Rather, they grew up with stories that portrayed physical difference as negative and a reason for social ostracism or segregation, such as “The Hunchback of Notre Dame” and “Snow White and the Seven Dwarfs” (SPOD 1990a). Therefore as children they had few points of reference in terms of a positive body image or meaningful disabled adult role models. Disability is usually linked with something not right or unnatural.

The unnaturalness carries through disability and sexuality, therefore, and disabled girls learn and are reminded of their asexual status in various contexts and social interactions of everyday life from professionals, families, relatives, friends, and strangers. A number of women hence had strong memories of others’ responses to their physicality, particularly when approaching adolescence and becoming self-aware of their physical difference.

The body acts as a site of capture between others’ responses to our bodies and internalized interpretations of these responses (Hall 1999, 143). These accumulated experiences may influence an individual's present or future self-image and sexual identity, an aspect of how personal pasts weigh upon individual futures.

Normalizing Absences

Many of the women interviewed recalled that sex or any topics related to sex were never discussed within their family. This led them to understand that sex was not for them; although this was not directly communicated to them, the nonmention of sex evidently conveyed family expectations of them as asexual (Gillespie-Sells, Hill, and Robbins 1998).

Parents convey their expectations to children through direct communication, but often it is what remains unspoken that most strongly conveys parental expectations. The nonmention of sex, sex education, or the possibility of their daughter having children passes on a clear message that disabled girls are not expected to participate in sexually active relationships.

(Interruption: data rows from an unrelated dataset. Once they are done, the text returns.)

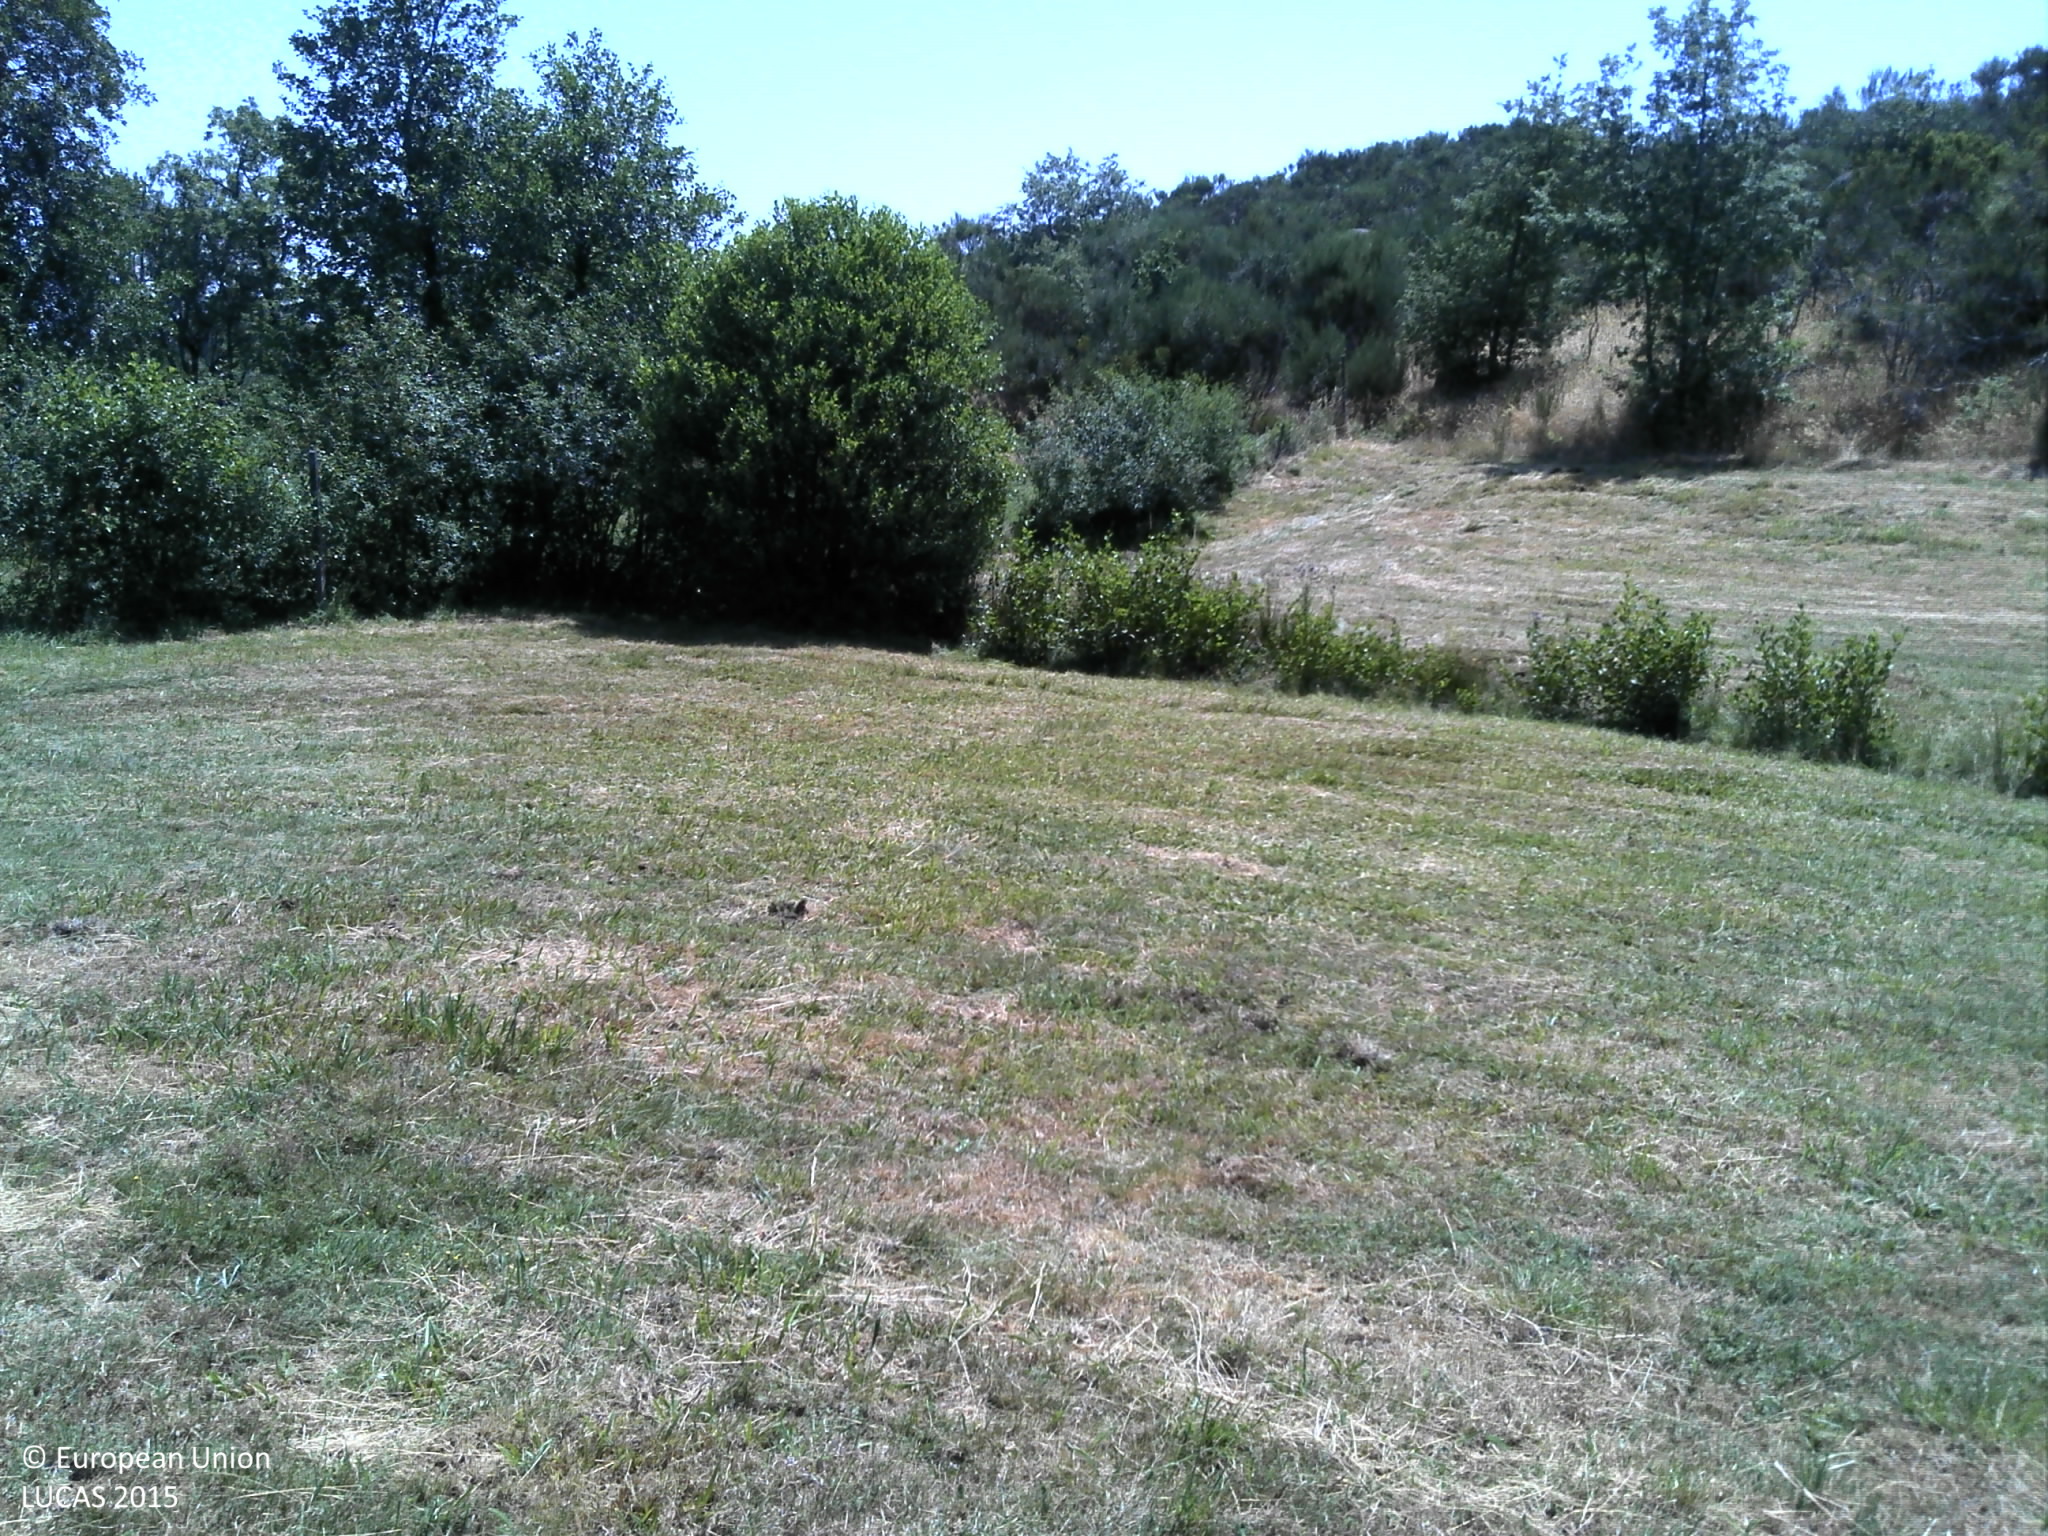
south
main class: Grassland
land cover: Grassland without tree/shrub cover
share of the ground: > 75 %
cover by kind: herbaceous plants 75 %, unconsolidated bare surface 25 %
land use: Agriculture (excluding fallow land and kitchen gardens)
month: July
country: PT
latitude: 40.9754
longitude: -7.8716

In general parental expectations may subtly pressure nondisabled girls to incorporate marriage and children into their future, while the converse seems to be the case for disabled girls.

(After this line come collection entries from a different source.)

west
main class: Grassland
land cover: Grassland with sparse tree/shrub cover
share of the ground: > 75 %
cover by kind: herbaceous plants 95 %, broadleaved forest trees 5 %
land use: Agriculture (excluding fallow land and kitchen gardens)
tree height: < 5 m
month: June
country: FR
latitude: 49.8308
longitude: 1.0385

As Micheline, a participant in Campling's (1981) study, recalled from her childhood at the age of 12 years old: “Sex was distinctly not talked about nor was the issue of my having children, which I had started to worry about from that day onwards” (quoted in Campling 1981, 24). Teachers may also prove significant influences in conveying societal expectations of disabled girls’ asexual status. Beth's future expectations were significantly influenced by the comments of a special school teacher:

[M]y best friend happened to say one day, “Well when I have children,” and she was basically shot down in flames for it by the teacher … who said, “Well you know girls you won't, you can't have children, so you will have to think of other things in life because you can't have children.” (Beth 36–41 years)

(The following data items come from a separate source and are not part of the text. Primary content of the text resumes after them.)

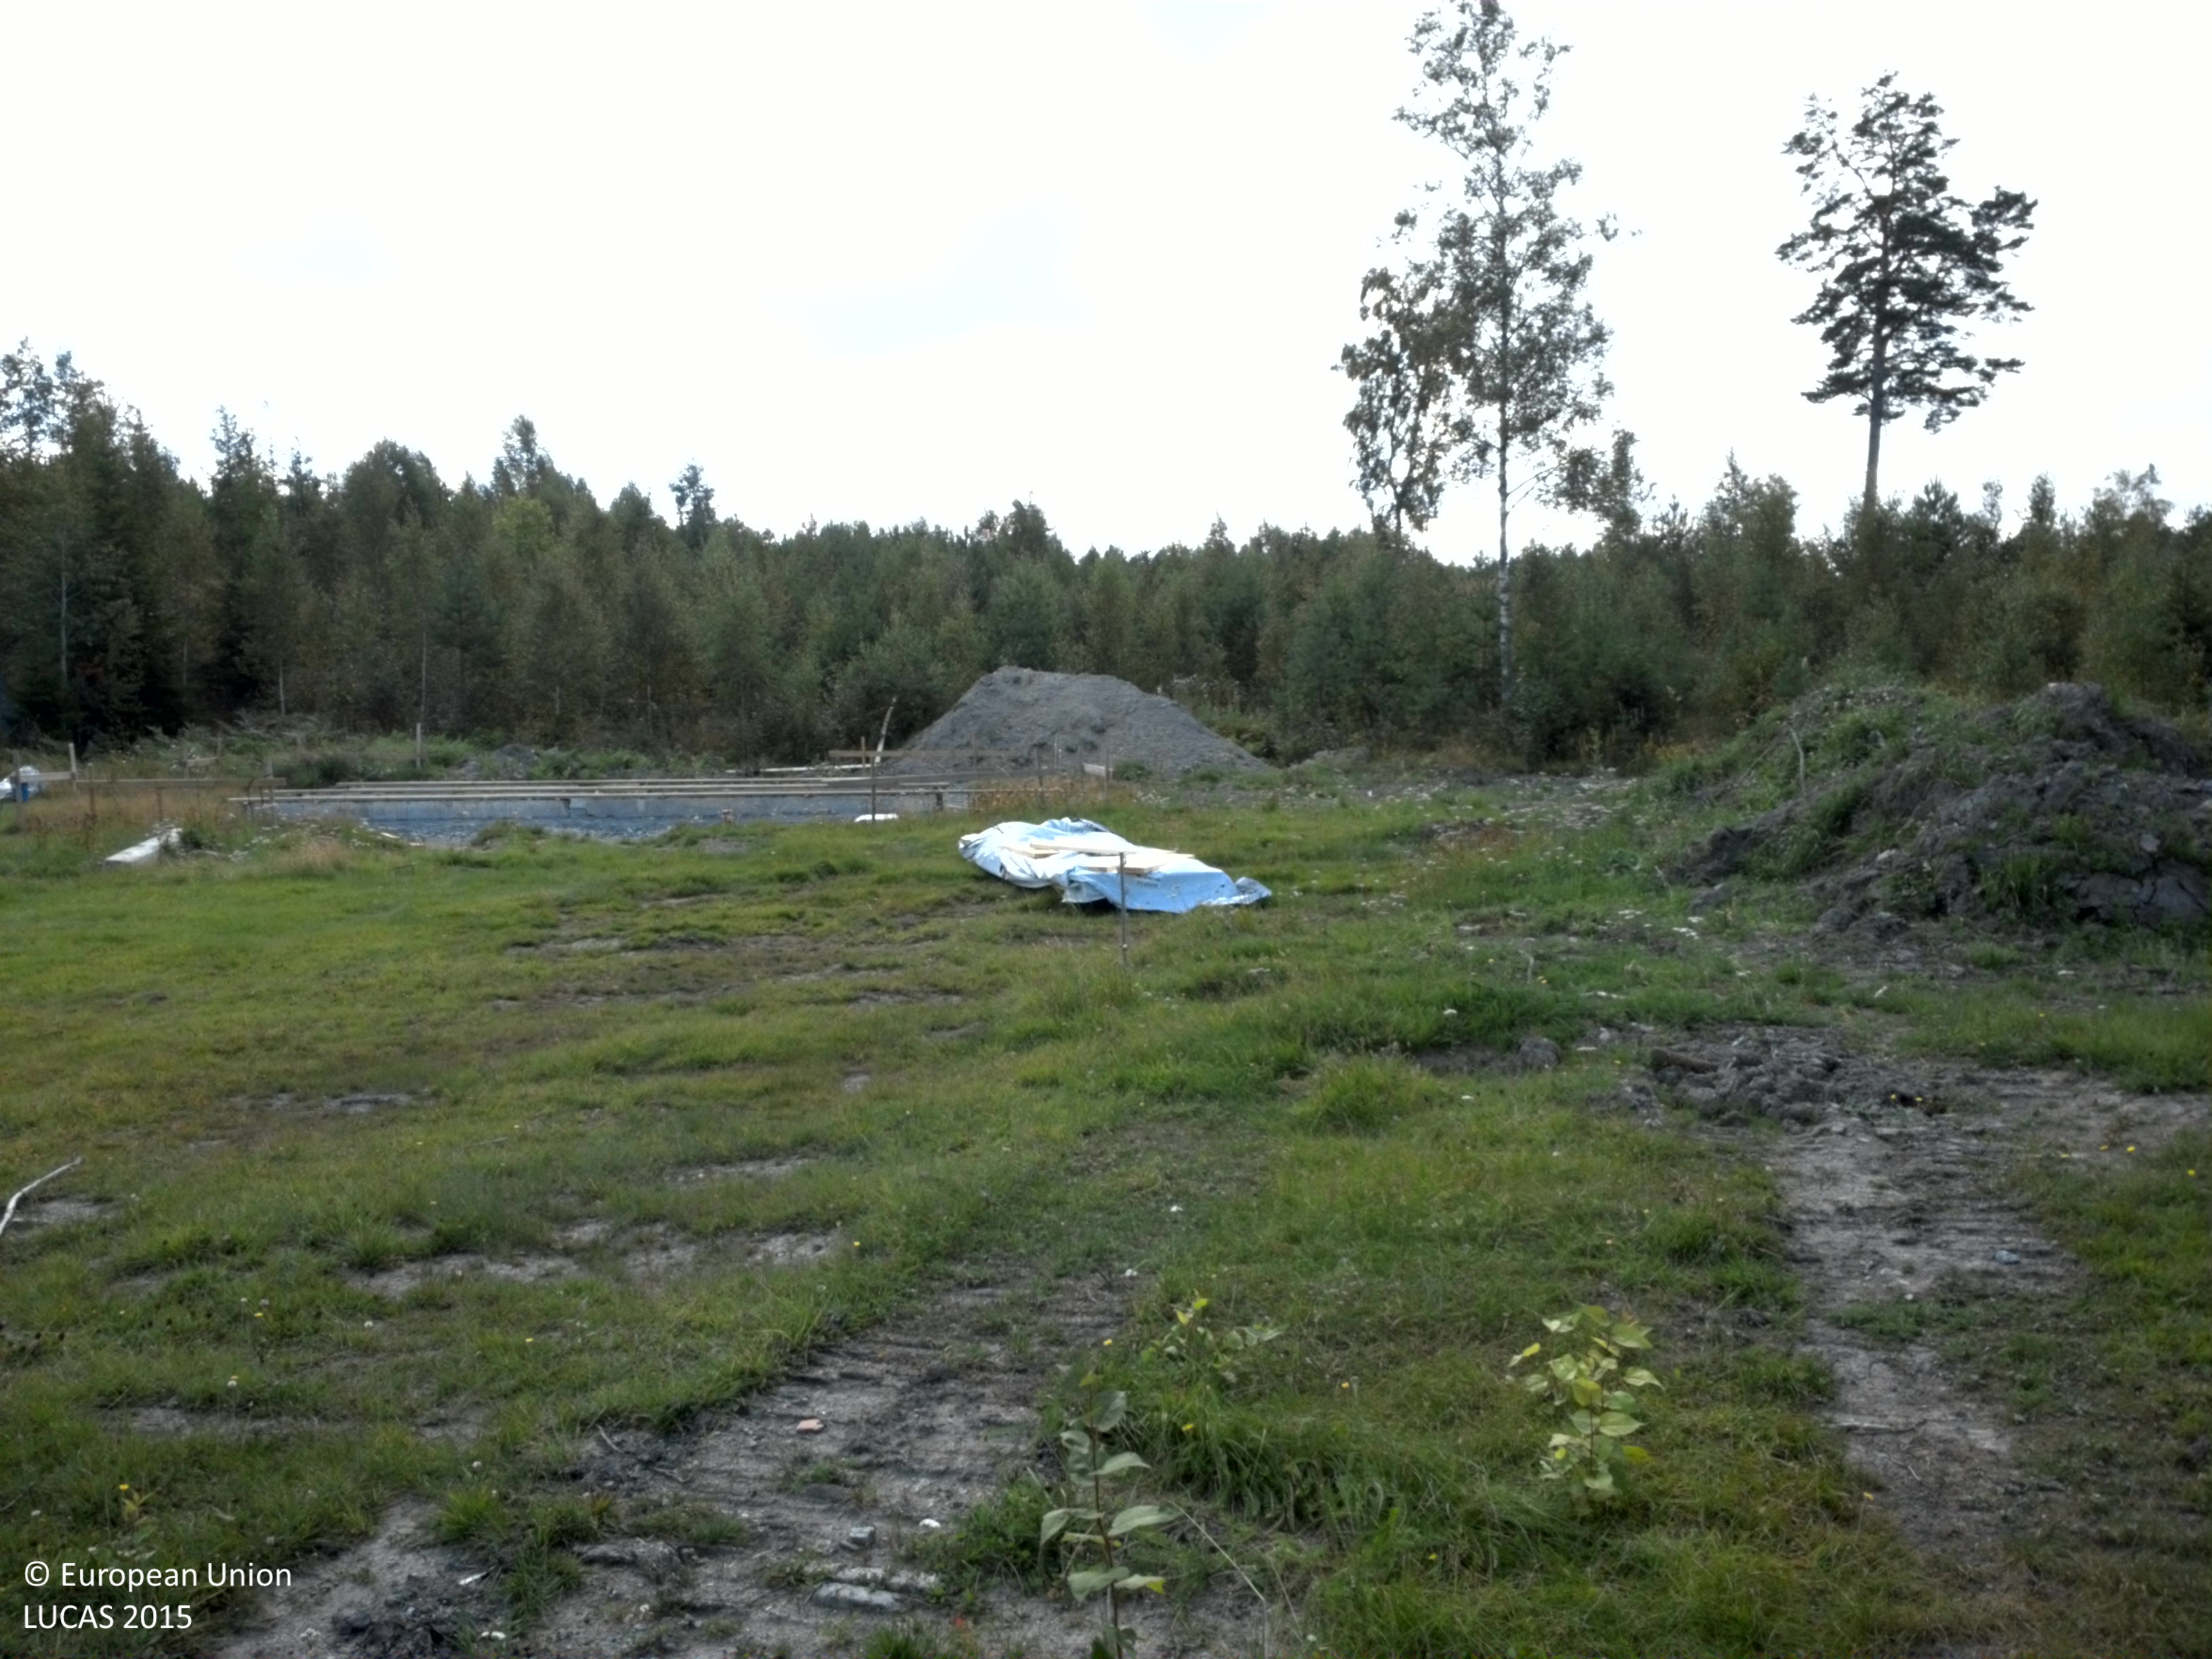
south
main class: Grassland
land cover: Grassland without tree/shrub cover
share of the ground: > 75 %
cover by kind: herbaceous plants 100 %
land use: Residential
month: August
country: SE
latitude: 59.6895
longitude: 17.8655

Such comments by an authoritative and influential figure impressed upon the girls that they were not expected to participate in intimate relationships, effectively fortifying the myth that participating in sex is something that disabled people do not do (Cooper and Guillebaud 1999). Thus, the girls were not given permission or approval to aspire to an active, enjoyable sex life. The teacher by implication communicated another social misunderstanding by insinuating that disabled female bodies are incapable of reproduction, and are therefore unsuited to pursuing feminized social roles of wife, mother, or homemaker (Lonsdale 1990).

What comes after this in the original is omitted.